ジンはおそらく、私には理解できないほど疑い深い。それが何故なのかはわからないけれど、きっと、私のようになんとなくで信用してしまうのとはわけが違う。そして、そんな彼の唯一の揺るがない信頼が、あの方、なんだろう。
その信仰とも呼べそうな対象に、私の存在が許されないのだとしたら。想像する。凍るような視線。
「…ジンに殺されるなら、」
「ちょっと待って」
言い終わらないうちに、着信音が鳴った。私の携帯だ。途端に、スコッチの視線に鋭さが増す。私は鞄から携帯を取り出し、着信画面を彼に見せて、上司ですと伝える。彼は小さく頷いた。通話ボタンを押す。
少し抜けるつもりで出ていたので、彼には要らぬ面倒をかけたかと謝罪から話を始めようとすると、思ったよりも彼の声音は緊迫していた。

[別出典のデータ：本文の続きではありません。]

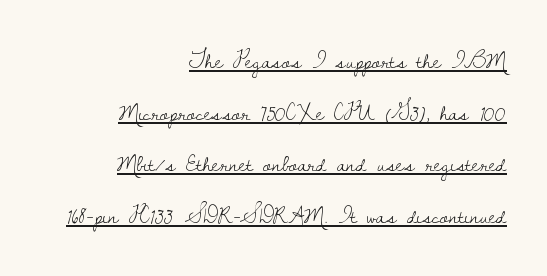
{"bold": "no", "underline": "yes", "align": "right", "line_spacing": "loose", "line_spacing_ratio": 2.15, "letter_spacing": "normal", "letter_spacing_em": 0.0, "glyph_px": 24}
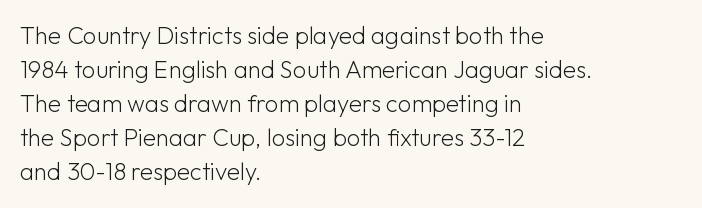
The image shows 24 px text type, upright; set left-aligned, normal line spacing (1.42x), normal letter spacing, not underlined.
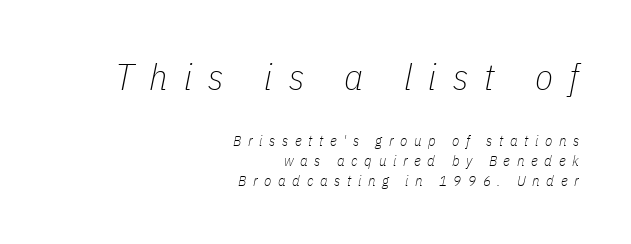
{"italic": "yes", "lean": "right", "slant_degrees": 11, "bold": "no", "weight": "thin", "width": "condensed", "stroke_contrast": "low", "x_height": "medium", "monospaced": "no", "underline": "no", "align": "right", "line_spacing": "normal", "line_spacing_ratio": 1.32, "letter_spacing": "wide", "letter_spacing_em": 0.44, "larger_block": "first", "size_ratio": 2.47, "glyph_px": 37}
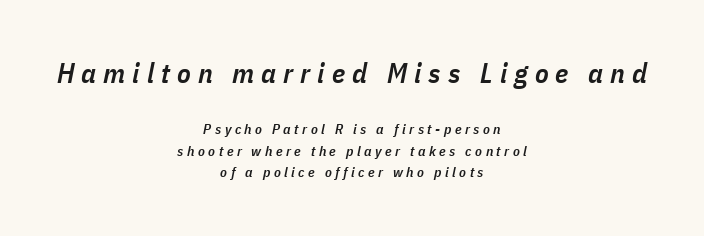
The image shows 28 px semibold, condensed type, italic (leaning right); set centered, normal line spacing (1.53x), unusually wide letter spacing (+0.25 em), not underlined; the first (top) block is 2.0x larger; low stroke contrast and a medium x-height.
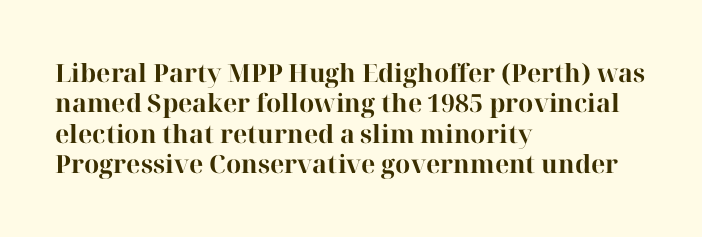
Q: Is the text bold? A: Yes.
Q: Is the text italic (slanted)? A: No, it is upright.
Q: Is the text underlined? A: No.
Q: How is the paragraph aligned? A: Left-aligned.
Q: Is the spacing between letters normal or unusually wide? A: Normal.
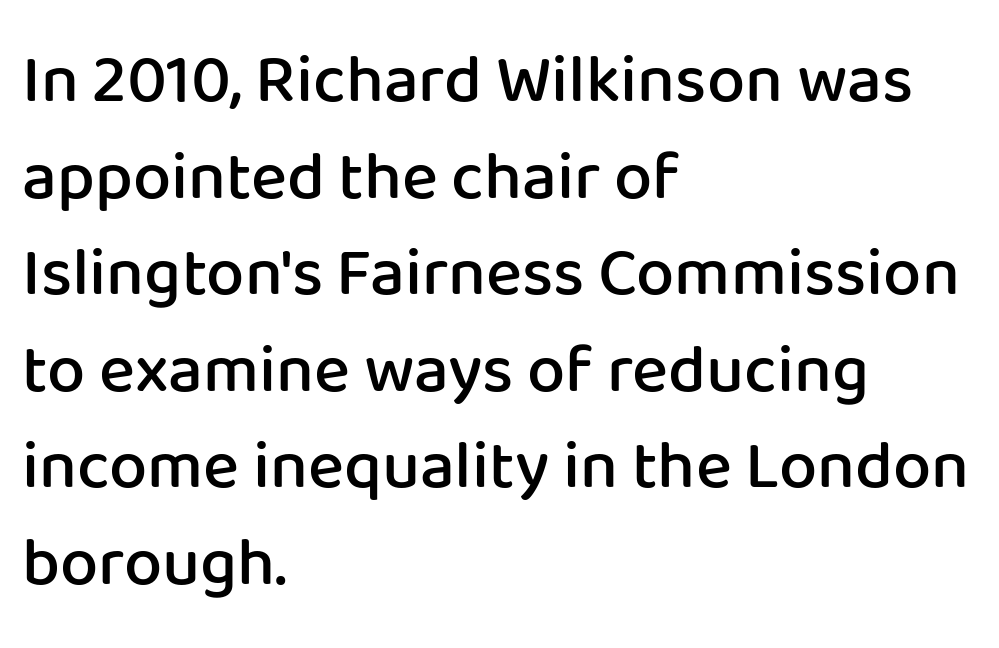
{"serif": "no", "italic": "no", "bold": "semi", "weight": "semibold", "width": "normal", "stroke_contrast": "low", "x_height": "medium", "monospaced": "no", "underline": "no", "align": "left", "line_spacing": "normal", "line_spacing_ratio": 1.42, "letter_spacing": "normal", "letter_spacing_em": 0.0, "glyph_px": 68}
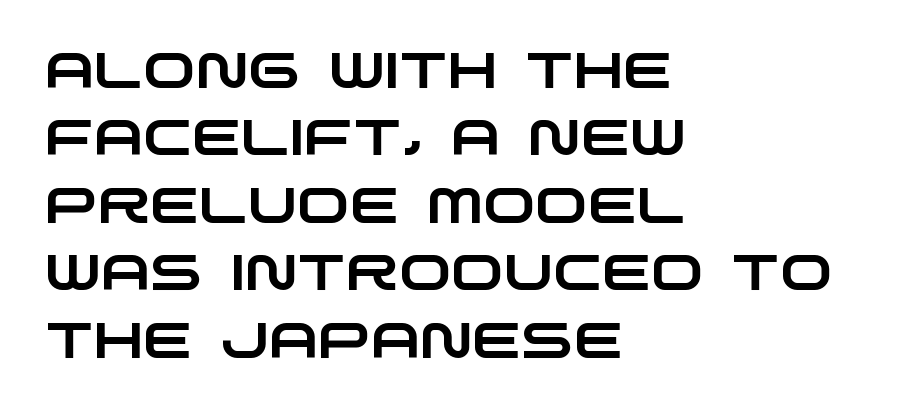
{"serif": "no", "width": "wide", "stroke_contrast": "low", "x_height": "large", "monospaced": "no", "underline": "no", "align": "left", "line_spacing": "normal", "line_spacing_ratio": 1.35, "letter_spacing": "normal", "letter_spacing_em": 0.0, "glyph_px": 50}
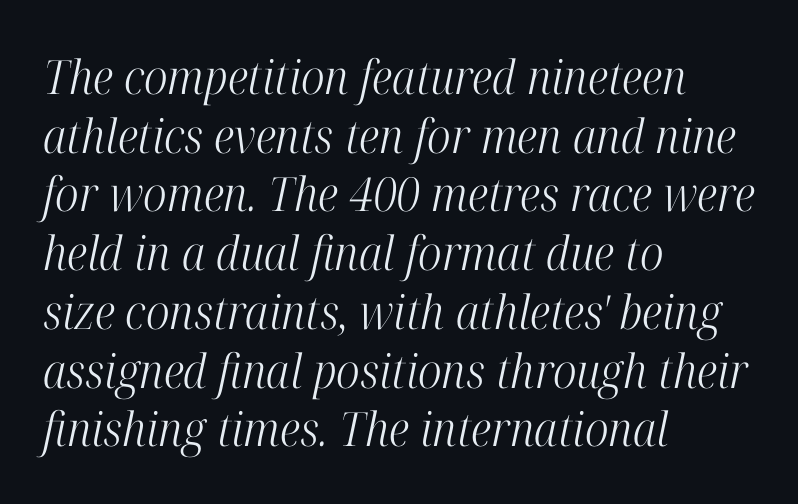
The image shows 47 px light, condensed serif type, italic (leaning right); set left-aligned, normal line spacing (1.25x), normal letter spacing, not underlined; high stroke contrast and a medium x-height.
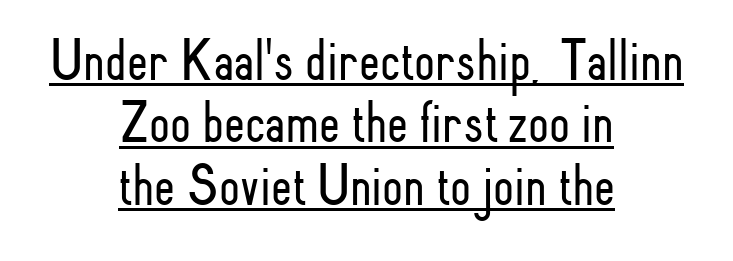
The image shows 60 px light, condensed sans-serif type, upright; set centered, tight line spacing (1.04x), normal letter spacing, underlined; low stroke contrast and a small x-height.
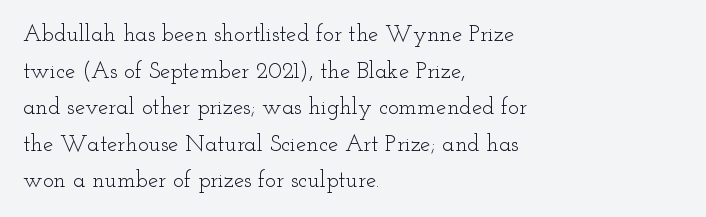
{"italic": "no", "bold": "no", "underline": "no", "align": "left", "line_spacing": "normal", "line_spacing_ratio": 1.59, "letter_spacing": "normal", "letter_spacing_em": 0.0, "glyph_px": 23}
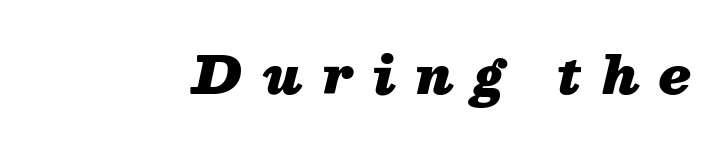
The typesetting leans heavy: a genuine bold. Italic? Definitely — the glyphs are oblique. The rendering inserts visible extra space after every character. Note the varied advance widths — an 'i' is clearly narrower than an 'm'.
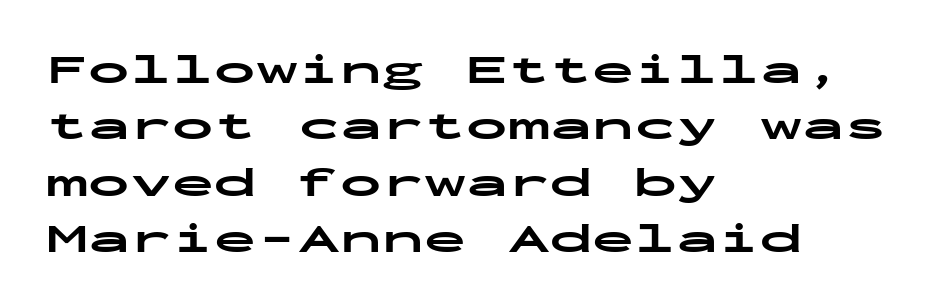
The passage is arranged the way most books set body copy — flush left. The font's upright variant was chosen for this text. The face used here is monospaced, like something from a code editor. The passage shown stacks its lines at a standard gap. I'd describe the lettering as bold — thick and assertive. The passage shown is typeset with a sans-serif family.

「…え、ホテル内で…。いえ、私、あのあと本格的に調子が悪くなって…」
夜間診療に向かい、今は車の中だと説明をした。事実だ。そうか、良かった、しっかり休むように、と早口で彼は言って通話を切った。私の通話中に、丁度スコッチにも電話が着ていたようだった。彼は、直後の十字路でUターンする。
「なんだって?」
「さっきのホテルで、殺人事件が起きたそうです」
安否確認でした、と伝えると、そうか、と彼は呟いた。わかっていた、のだろう。つまり、この殺人事件は彼らの手によるものか。
「あー、俺と話したことは、ジンには内緒にしてくれる?」
「うん」
「それから、あんた、名前は?」
「みょうじなまえと言います」
彼は、また敬語、と笑って、車のスピードを上げた。ホテルとは別の方向にどんどん進んでいく。人気のない工場地帯まで飛ばして、その先には見覚えのある車が停まっていた。車はスピードを落とし、既に停まっている車の左側に停まる。どうやら、私の電話中に連絡を取っていたのはジンだったようだ。見覚えのある黒のポルシェ。
ジンが車から降り、こちらの後部座席の扉を開けた。
「行くぞ」
彼は私の頬をそっと撫でた。はい、と私は頷いて、彼の手を取る。車を降り、ジンの車に乗り込む前に、運転席のドアをコンコンと指でノックする。気付いたスコッチは、不思議そうな顔をして窓を開けた。
「ありがとう、スコッチ」
言うと、スコッチは驚いたような顔をしてから、ああ、と困ったように笑った。それからチラリとジンを見てから、いたずらっ子みたいに笑う。
「お大事にな、なまえ」
パチリとウインクをして、運転席の窓を閉めた。閉まりきる前に、ジンに促されて彼の車に乗り込む。なんだかジンの機嫌が悪いみたいだ。座席に着くとすぐに、車を発進させた。彼の乗る車はすぐに見えなくなる。
スコッチの正論を頭の中で繰り返しながら、それでも、車内に香るジンの匂いに安堵する自分を否定することはできなかった。